Он беспокоился обо мне, и однажды, смущаясь, испросив на то предварительно разрешения, высказался, как уважал моих родителей и как понимает боль моей утраты. Он сам, напомнил он смиренно, пережил боль утраты. Сучитра была рада, что я обустроился, однако, заметив, что я по‑прежнему пребываю в унынии, подступилась ко мне:

– Что‑то ты спал с лица с тех пор, как съехал от семейки Аддамс. Уверен, что не вздыхаешь по кусочку сладкого русского пирога?

Тон ее был легок, Но Сучитра явно требовала ответа.

Я сумел ее уболтать: она была доверчива и вскоре уже сама смеялась над своими подозрениями.

– Хорошо, что тебе удалось остаться в любимом Саду, – сказала она. – Представляю себе, как бы у тебя рожа вытянулась, если бы это не вышло.

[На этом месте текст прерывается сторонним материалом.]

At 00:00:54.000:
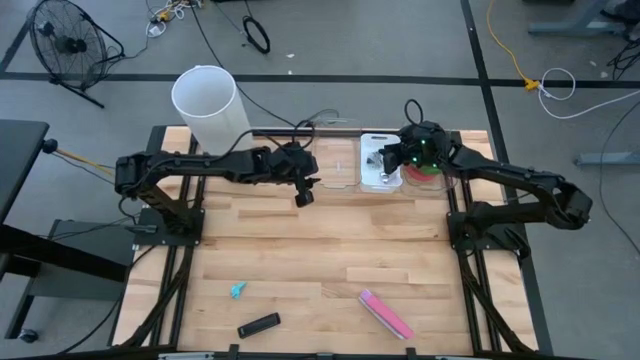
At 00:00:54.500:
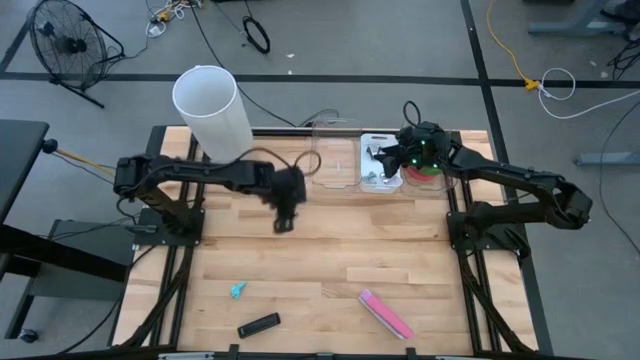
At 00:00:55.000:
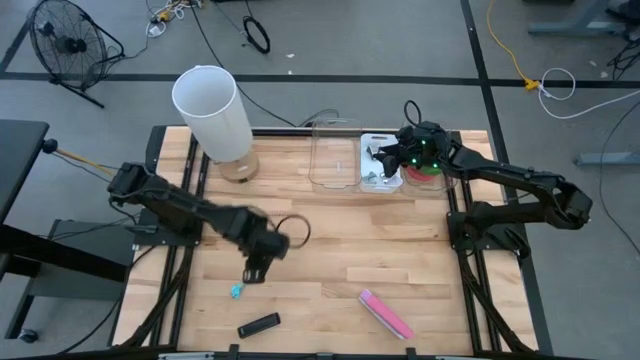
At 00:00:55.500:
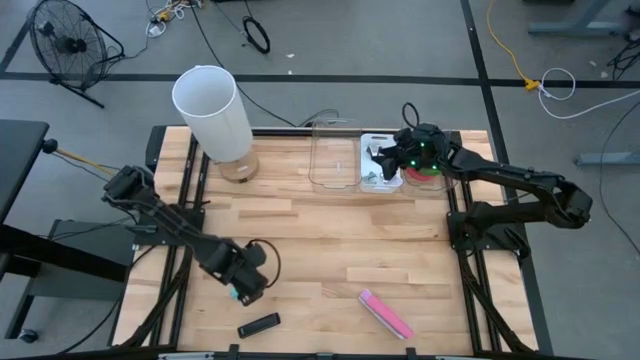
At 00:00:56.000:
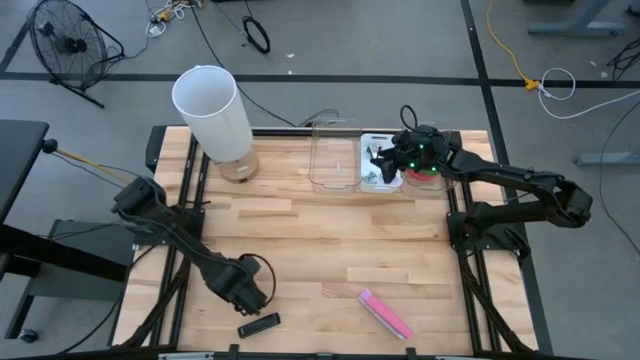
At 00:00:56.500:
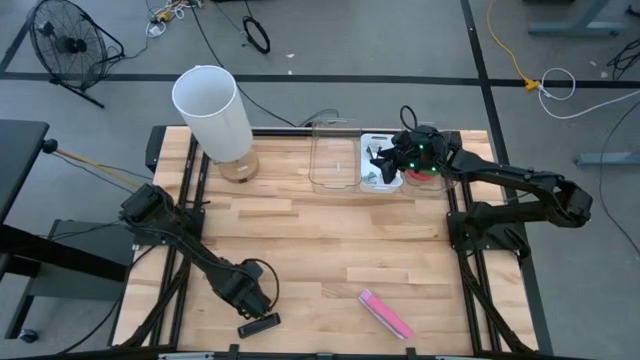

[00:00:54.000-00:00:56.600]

Но мой сын, мой сын! Невозможно быть вдали от него, невозможно быть и рядом. Василиса Голден, уже сильно беременная, на сносях, выходила в Сад ежедневно, и с ней повязанная платком “бабушка”, якобы ее мать, еще одно клише на службе у мелодрамы, и я думал: мой сын достанется тем, кто даже не говорит толком по‑английски. Недостойная мысль, но в безумии обманутого отцовства только недостойные мысли и лезли в голову. Может, выплеснуть всю правду? Или хранить молчание? Что лучше для мальчика? Разумеется, лучше знать, кто его настоящий отец. Но я и сам, признаюсь, побаивался и сильно побаивался Нерона Голдена, это был страх юного, только начинающего художника перед полностью развившимся и достигшим могущества человеком реального мира, пусть даже этот человек понемногу начинал сдавать позиции. Что он сделает? Как отреагирует? Не подвергнется ли угрозе ребенок? А Василиса? А я? Уж я‑то безусловно. За всю доброту, оказанную сироте, я отплатил тем, что обрюхатил жену хозяина. Действовал, правда, по ее просьбе, но он таких оправданий не примет, и я страшился его кулаков – самое малое кулаков. Но как всю жизнь хранить молчание? Ответа не было, а вопросы осаждали меня днем и ночью, и негде было искать бомбоубежище.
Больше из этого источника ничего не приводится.